Historically, however, 'new' or innovative art has been a hard sell--the booing of the ballet Afternoon of a Faun is a classic example, as is the general public bewilderment at the work of the 'Impressionists', shows of whose work are now art museum cash cows, 'blockbusters', even: consequently, it is unsurprising that studios would not want to risk the expense of putting innovative, experimental work into even relatively wide release--unless the filmmaker is very well known, vide Terence Malick--and not recouping their investment. Moreover, while many 'big' studio movies--e.g., summer 'tent pole' movies--have been criticized, and, I think, rightly so, by critics for not being very good despite selling lots of tickets, there are 'blockbusters', such as the movies in the first Star Wars tetralogy, or Jaws, or, more recently Avatar, that are recognized by critics as interesting and important works of art in certain respects as well. (To be sure, in the past three decades, there has been something of a backlash against the 'blockbusterization' of Hollywood, which reflects both a nostalgia for the 'rebel' filmmakers of the seventies, when innovative film was made within the studio system, as well as a concern that too close an eye on the bottom line is impeding the development of film as an art form--a worry that I think is misplaced--or leading viewers to form expectations for film that make it difficult for more 'difficult' films to receive an audience--a worry that may be in order, but which applies, mutatis mutandis to literature, without any especially deletorious effects for that art form, although the major difference is that it is far more expensive to create a film than a novel, although even that is beginning to change as technology changes.)

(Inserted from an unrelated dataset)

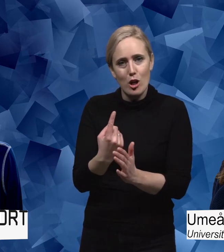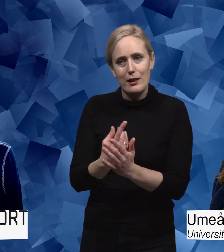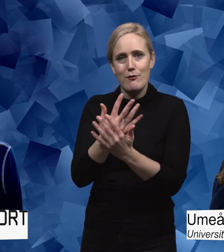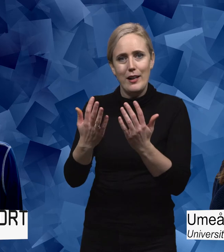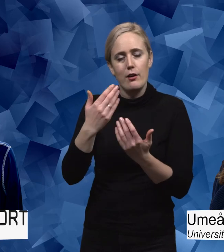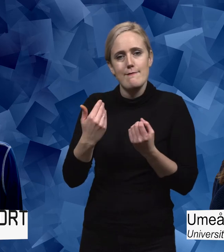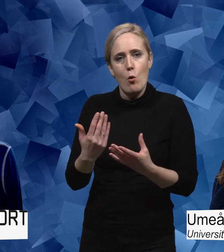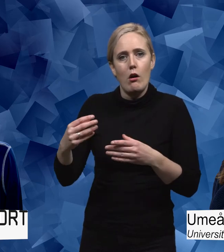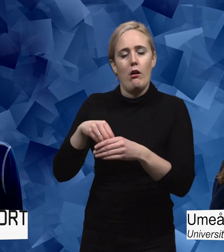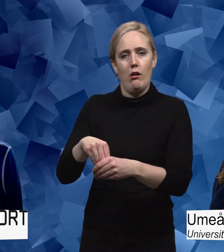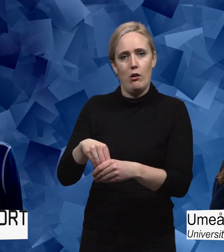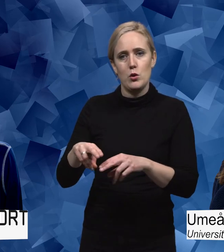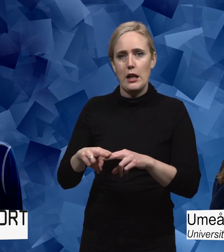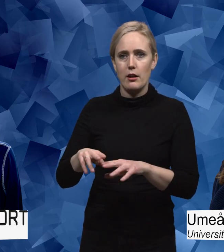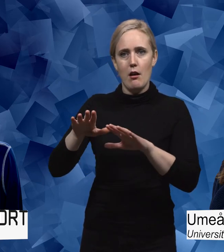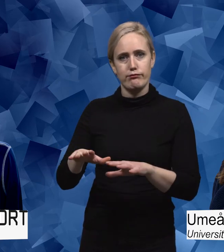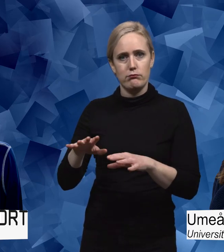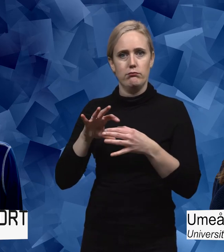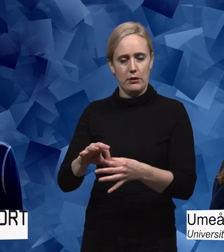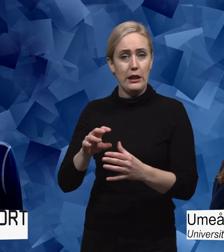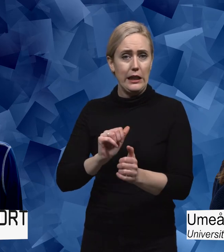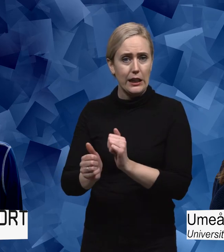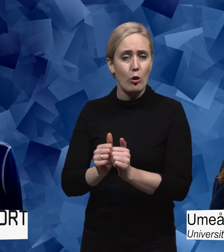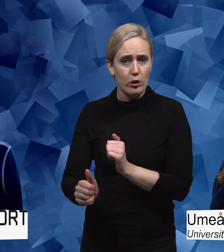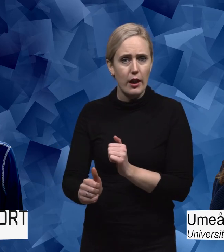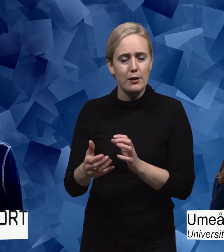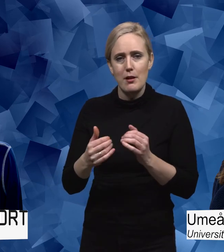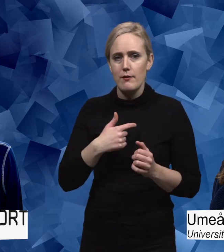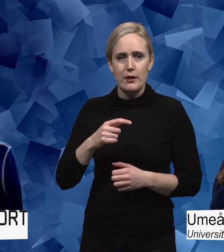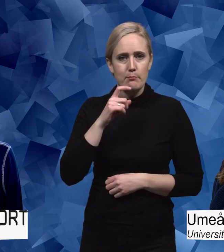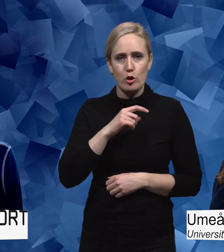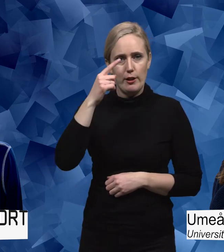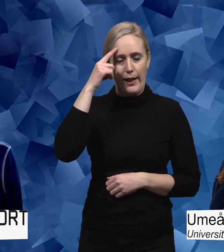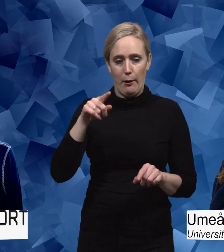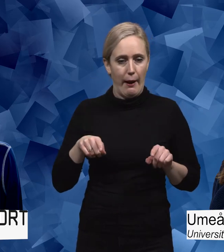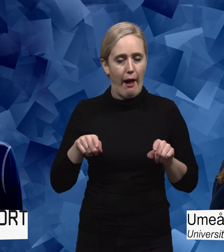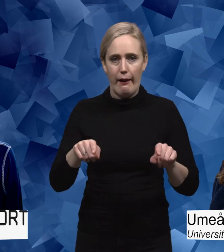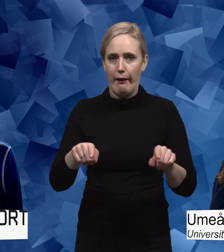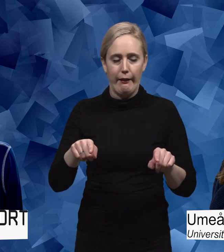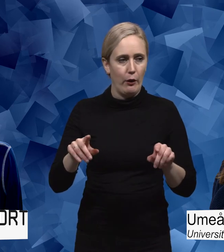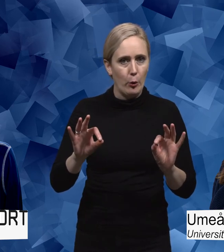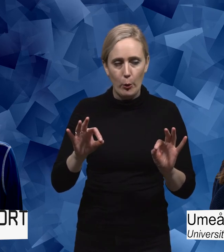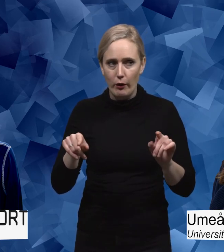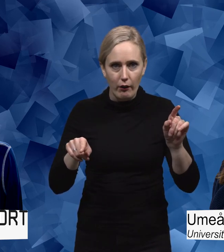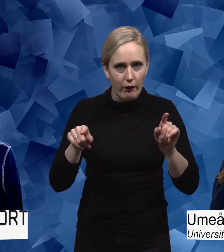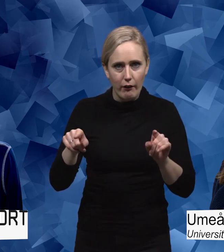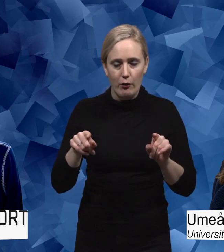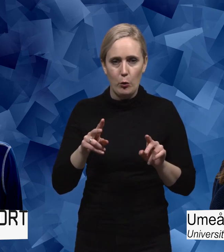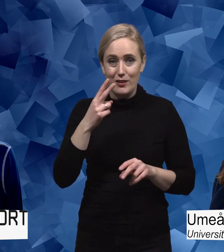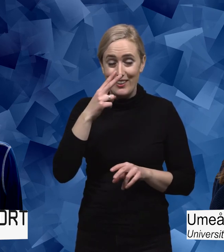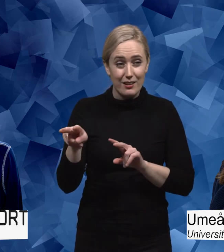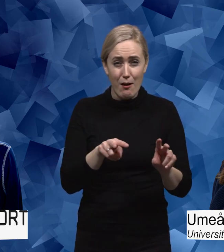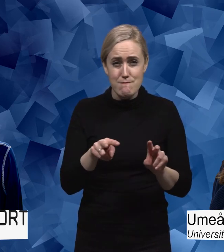och hitta en plats i idrotten. Känna sig hemma där. Men vi kan inte dra direkta paralleller mellan det svenska
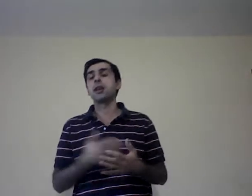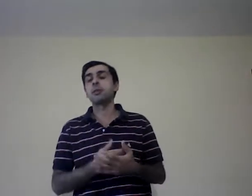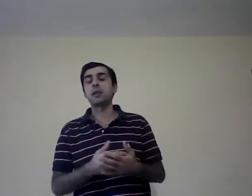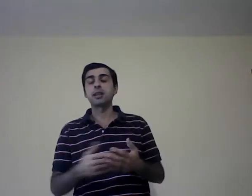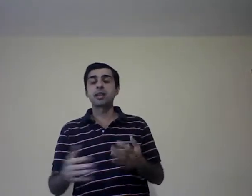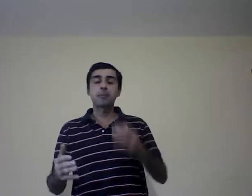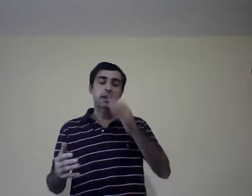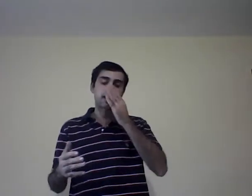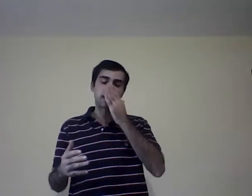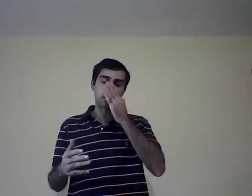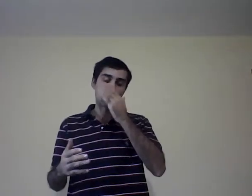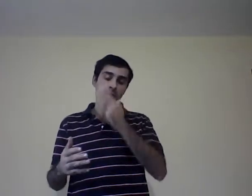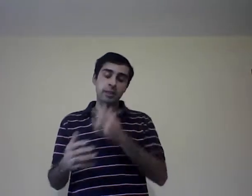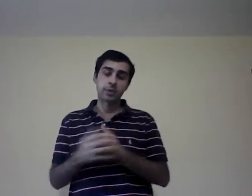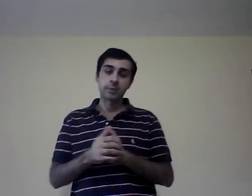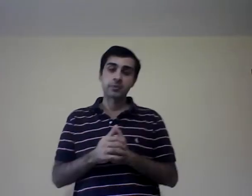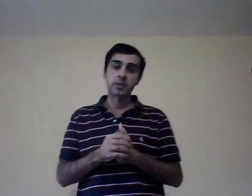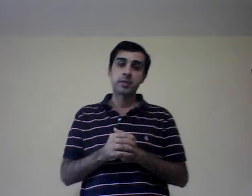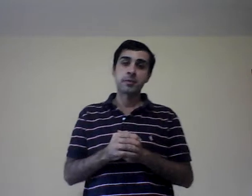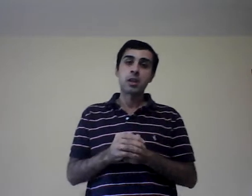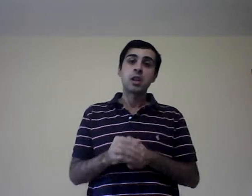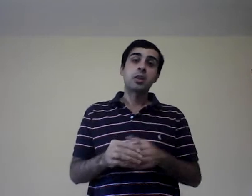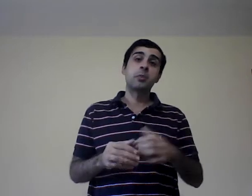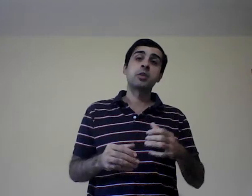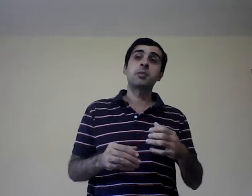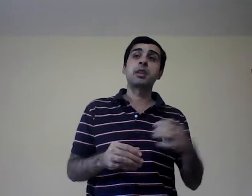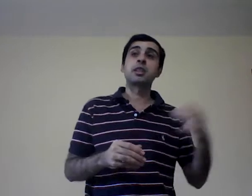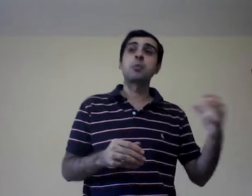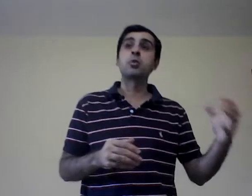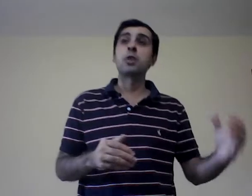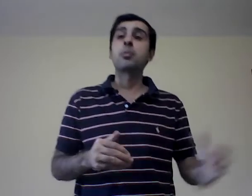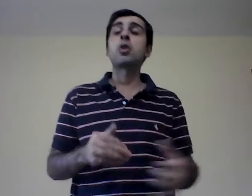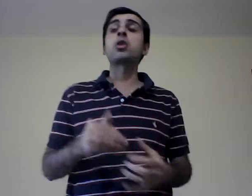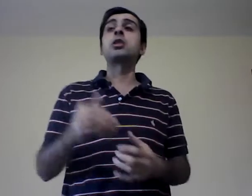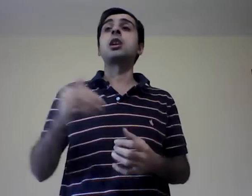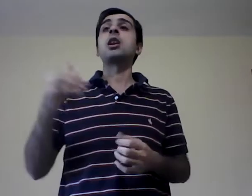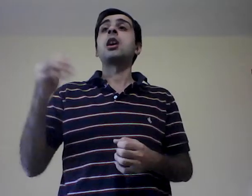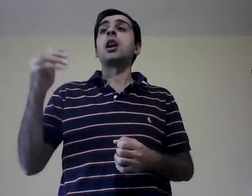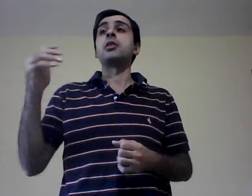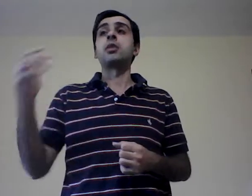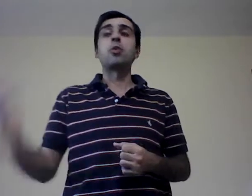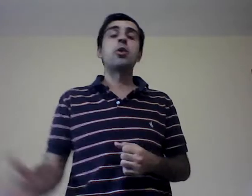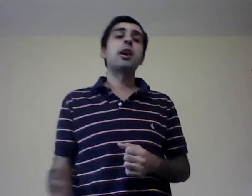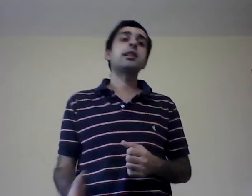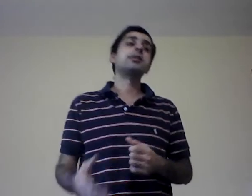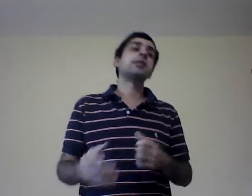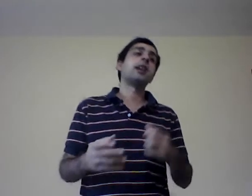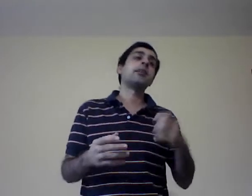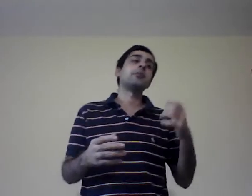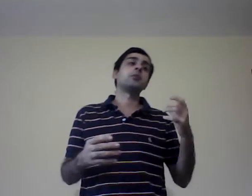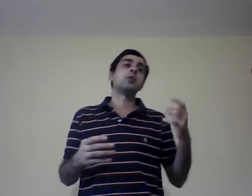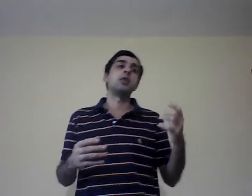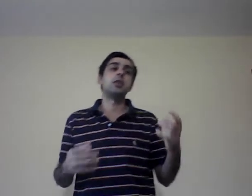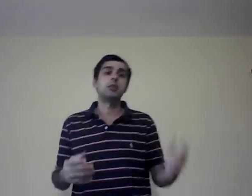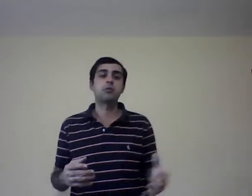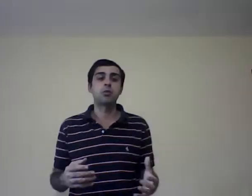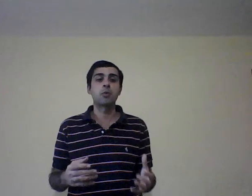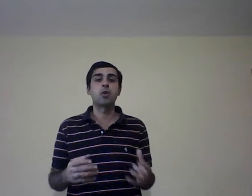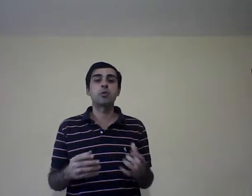primera etapa en la educativa, si. Después si practicamos un deporte, hacemos danza, tocamos un

I don't think, however, that in cases when there is a wide divergence between critical assessment of a movie and its gross revenues (from the box office, DVD sales, rentals, etc.), that this reflects a genuine disagreement between critics and the general public. Critics may be assessing whether the work in question is a good or interesting example of the art of film; it's not clear that the large crowds who make a film a 'blockbuster' see it because they want to see the development of the medium of film: they may just want to be entertained, and a more 'difficult', 'experimental' film may just not be very entertaining. (One has to be in the right frame of mind to attend to Meek's Cutoff; one doesn't have to be mentally prepared in the same way to see Planet of the Apes. This is not, of course, to say that there weren't many great things about both the original and the remake of Planet of the Apes.) Grosses simply track how many people paid to see a film in some format; they can, but needn't track the quality of a film. But critics don't, I think, assess every film in the same way: even 'highbrow' critics do not reflexively prefer 'difficult', 'experimental' film to 'genre' film: indeed, to my mind, in judging a film, a good critic should take into account what kind of work a film is meant to be. And there are, of course, different ways of being a critic--although, sadly, there are fewer and fewer film critics, just as there are fewer and fewer book critics, being employed these days. And the merits of a critic, are, I think, as variable as the merits of films: certain critics may appeal to certain people, other critics to others.

But let a thousand flowers bloom, I say: let there be different types of critics, different types of films, and let them be as accessible as possible to the viewing public!